Use SCEV information for the second level aliasing
authorRoman Gareev <gareevroman@gmail.com>
Tue, 8 Aug 2017 16:50:28 +0000 (16:50 +0000)
committerRoman Gareev <gareevroman@gmail.com>
Tue, 8 Aug 2017 16:50:28 +0000 (16:50 +0000)
We introduce another level of alias metadata to distinguish the individual
non-aliasing accesses that have inter iteration alias-free base pointers
marked with "Inter iteration alias-free" mark nodes. To distinguish two
accesses, the comparison of raw pointers representing base pointers is used.

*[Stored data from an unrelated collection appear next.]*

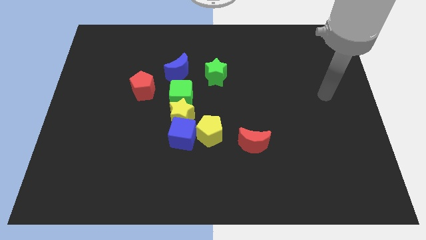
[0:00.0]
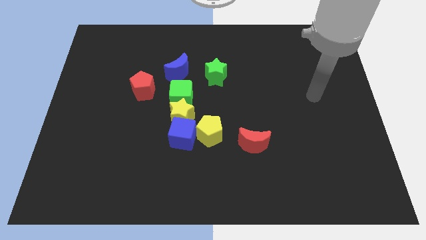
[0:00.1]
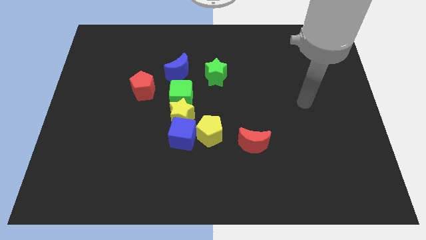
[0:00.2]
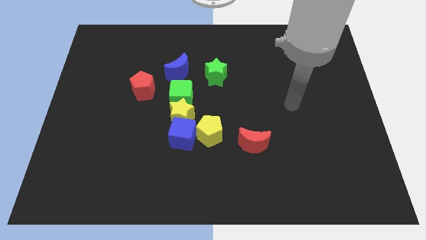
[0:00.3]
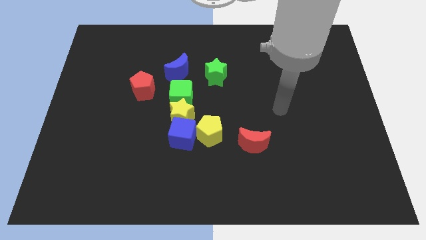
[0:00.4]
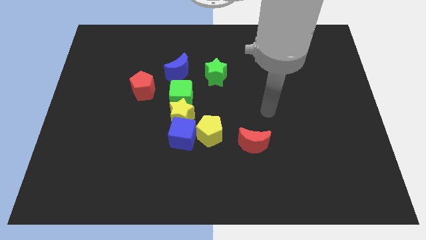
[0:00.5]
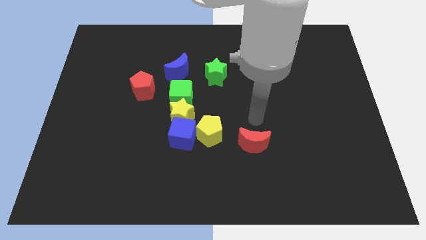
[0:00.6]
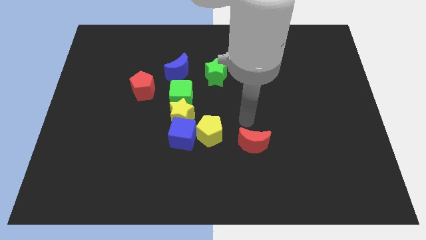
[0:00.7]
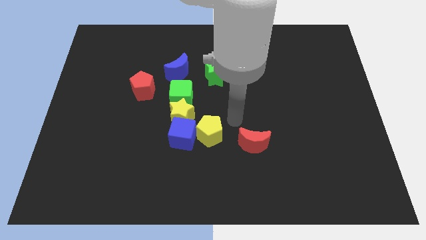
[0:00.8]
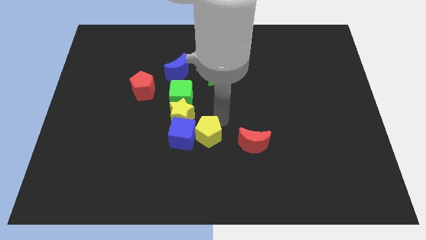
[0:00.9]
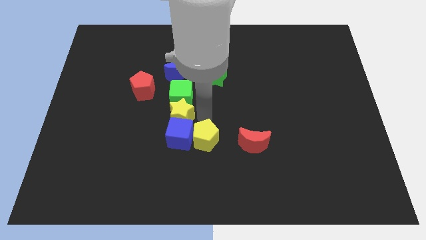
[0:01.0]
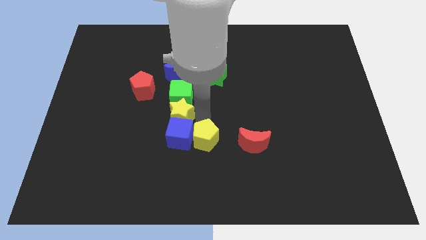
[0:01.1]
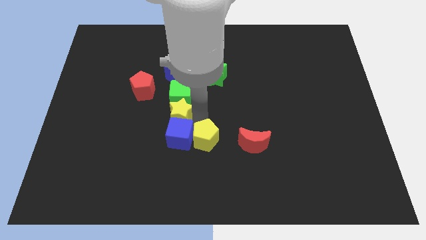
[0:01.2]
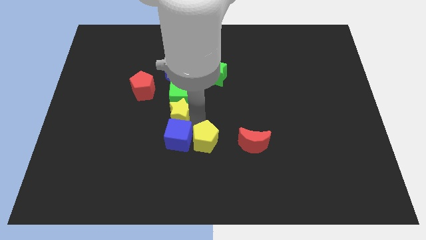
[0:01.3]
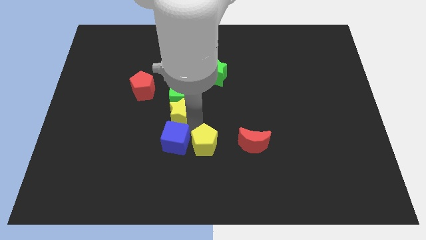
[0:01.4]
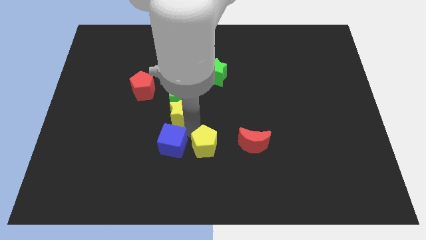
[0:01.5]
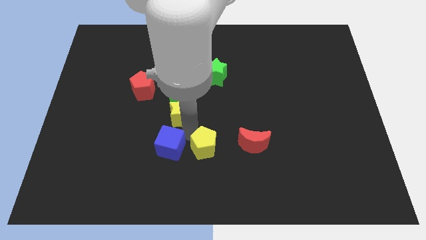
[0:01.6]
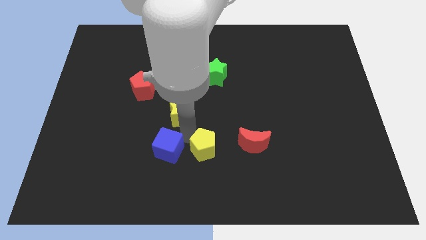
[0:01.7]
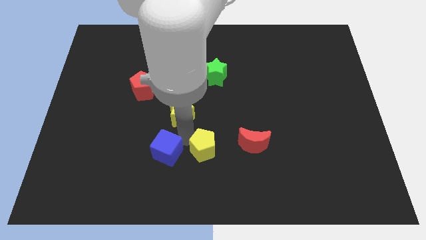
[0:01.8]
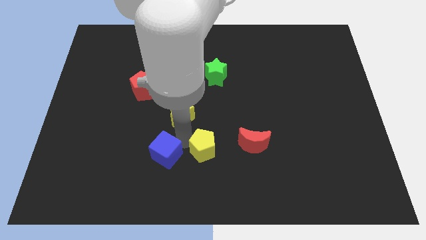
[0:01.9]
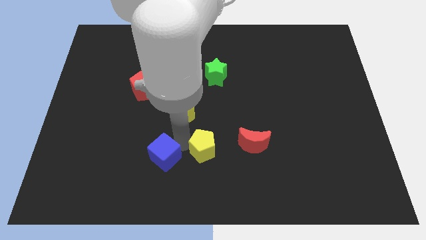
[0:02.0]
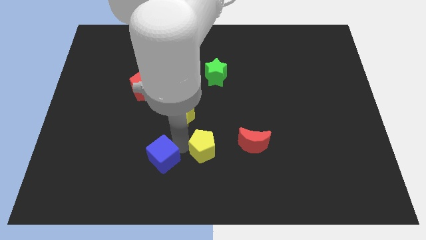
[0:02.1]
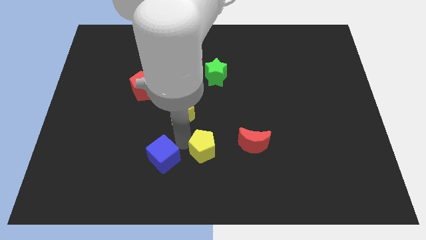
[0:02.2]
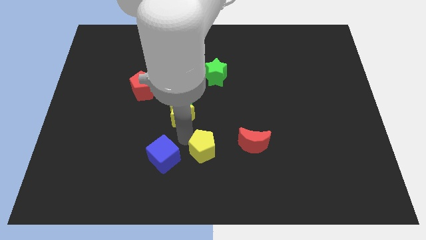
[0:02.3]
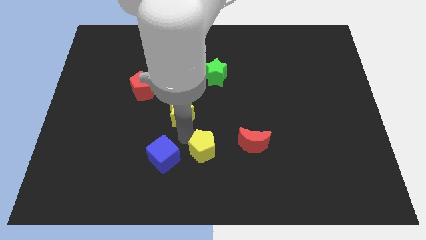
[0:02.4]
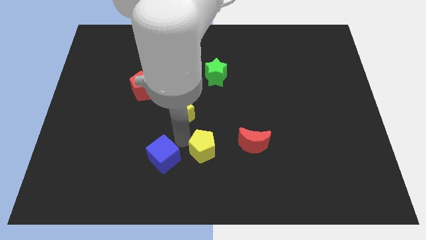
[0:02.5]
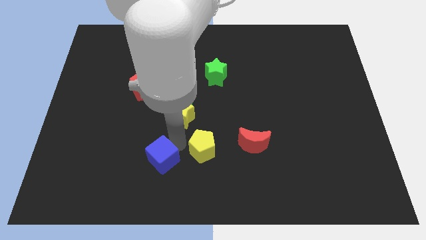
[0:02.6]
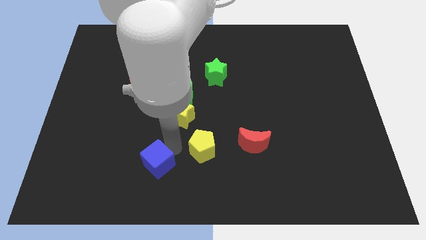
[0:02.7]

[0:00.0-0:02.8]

In case of, for example, ublas's prod function that implements GEMM, and
DeLiCM we can get accesses to same location represented by different raw
pointers. Consequently, we create different alias sets that can prevent
accesses from, for example, being sinked or hoisted.

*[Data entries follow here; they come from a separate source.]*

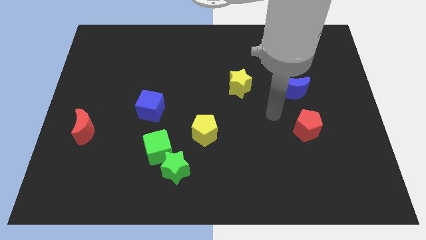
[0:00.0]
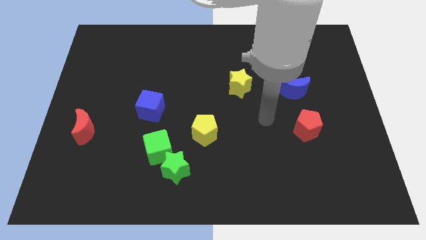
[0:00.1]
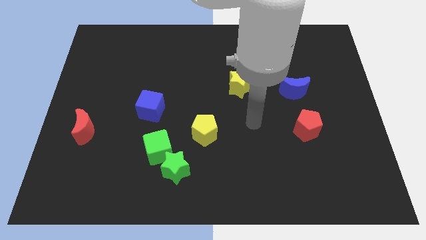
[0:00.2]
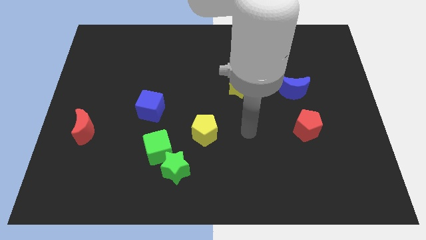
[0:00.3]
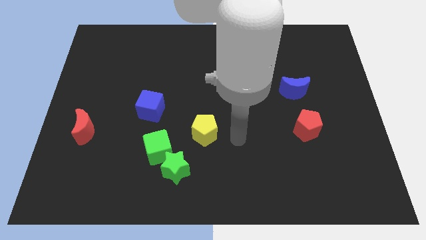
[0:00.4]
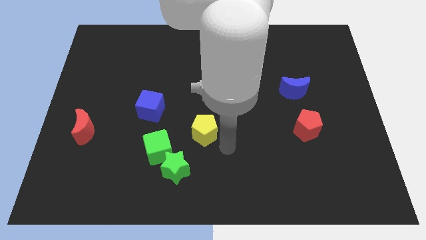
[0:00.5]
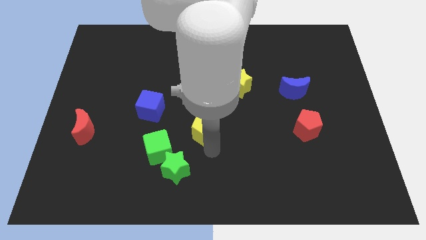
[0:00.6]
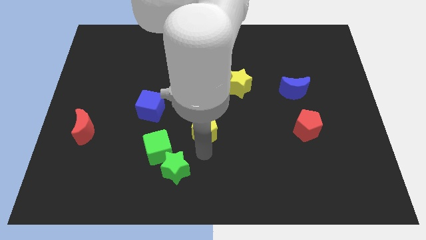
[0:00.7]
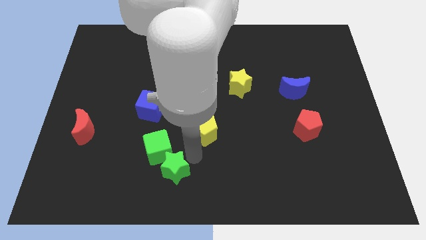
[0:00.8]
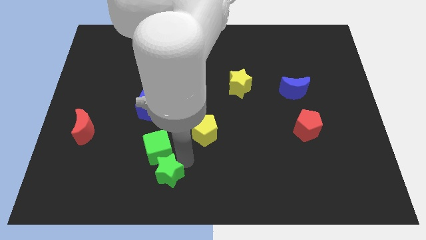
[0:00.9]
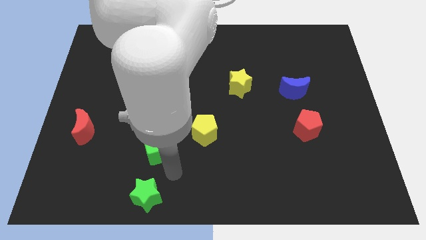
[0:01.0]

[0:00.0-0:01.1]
separate the green cube from the green star

To avoid the issue, we compare the corresponding SCEV information instead
of the corresponding raw pointers.

Reviewed-by: Tobias Grosser <tobias@grosser.es>
Differential Revision: https://reviews.llvm.org/D35761

llvm-svn: 310380

polly/include/polly/CodeGen/IRBuilder.h
polly/lib/CodeGen/IRBuilder.cpp
polly/test/ScheduleOptimizer/kernel_gemm___%for.body---%for.end24.jscop [new file with mode: 0644]
polly/test/ScheduleOptimizer/kernel_gemm___%for.body---%for.end24.jscop.transformed [new file with mode: 0644]
polly/test/ScheduleOptimizer/pattern-matching-based-opts_14.ll [new file with mode: 0644]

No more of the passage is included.